╭─ TASK INPUT
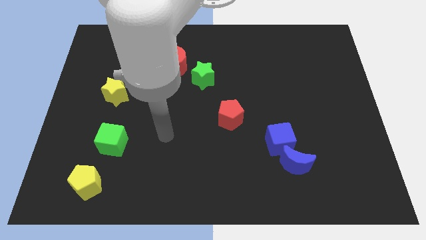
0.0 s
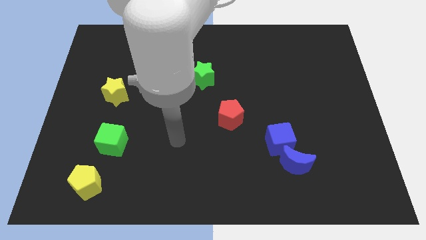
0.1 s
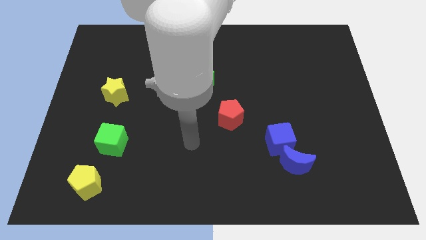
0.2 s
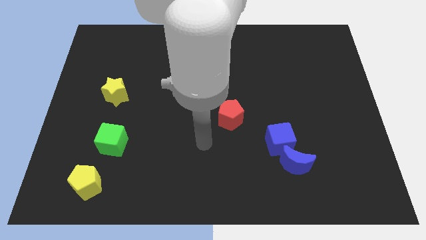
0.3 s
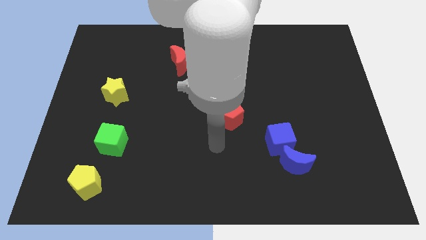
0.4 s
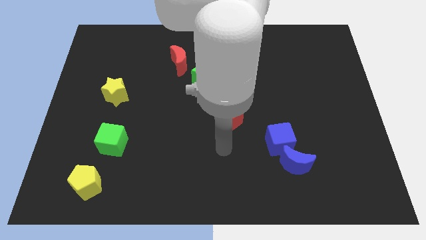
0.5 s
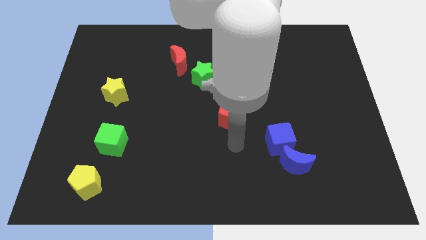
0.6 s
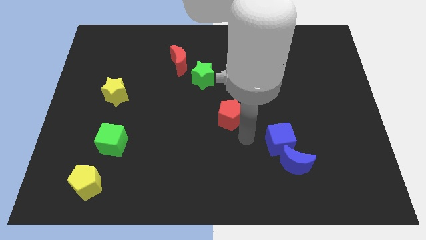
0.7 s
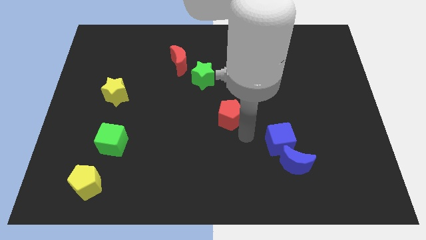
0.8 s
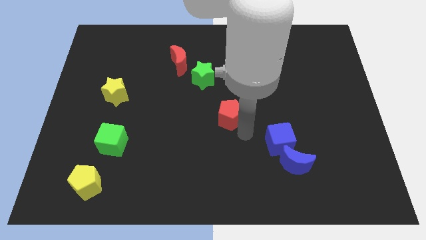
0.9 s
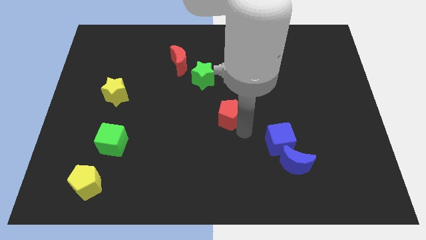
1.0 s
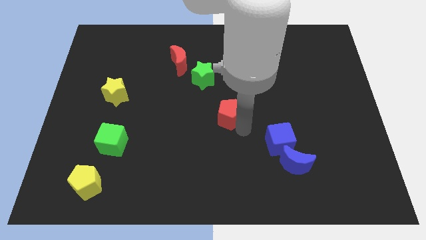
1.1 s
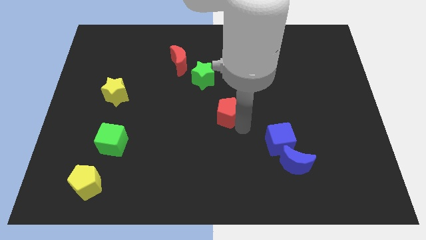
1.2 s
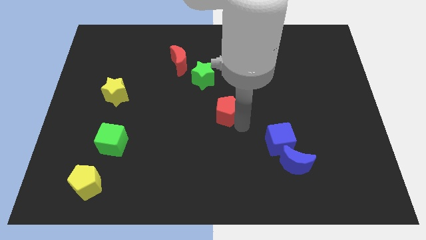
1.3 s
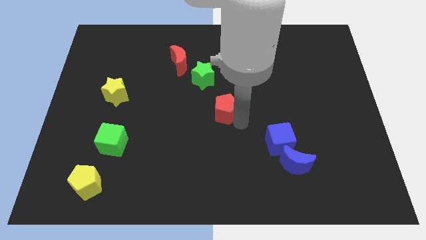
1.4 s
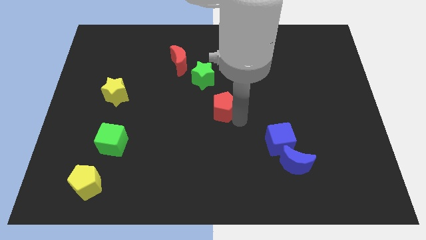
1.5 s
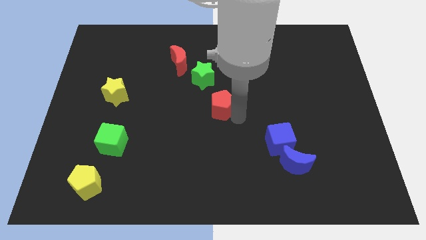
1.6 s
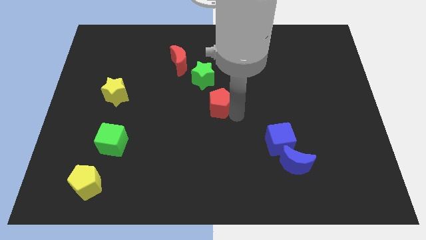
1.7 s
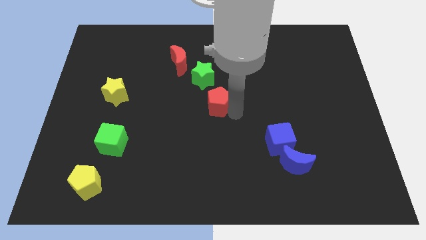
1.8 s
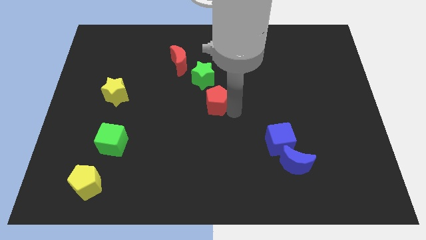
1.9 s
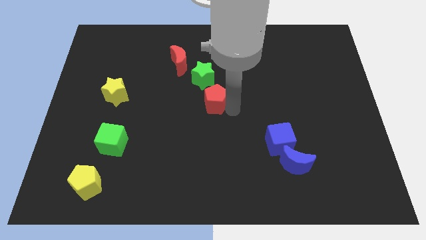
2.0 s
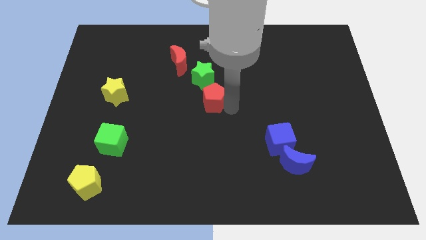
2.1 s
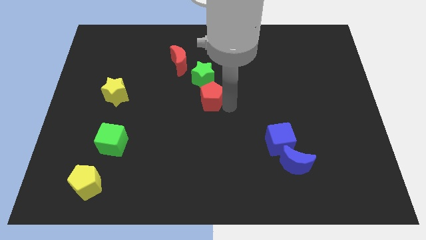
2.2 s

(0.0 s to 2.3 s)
╰─
PROBLEM STATEMENT:
Without changing a word, retype every entry above, but drop its pictures.

REPLY TO THE TASK:
0.0 s
0.1 s
0.2 s
0.3 s
0.4 s
0.5 s
0.6 s
0.7 s
0.8 s
0.9 s
1.0 s
1.1 s
1.2 s
1.3 s
1.4 s
1.5 s
1.6 s
1.7 s
1.8 s
1.9 s
2.0 s
2.1 s
2.2 s

(0.0 s to 2.3 s)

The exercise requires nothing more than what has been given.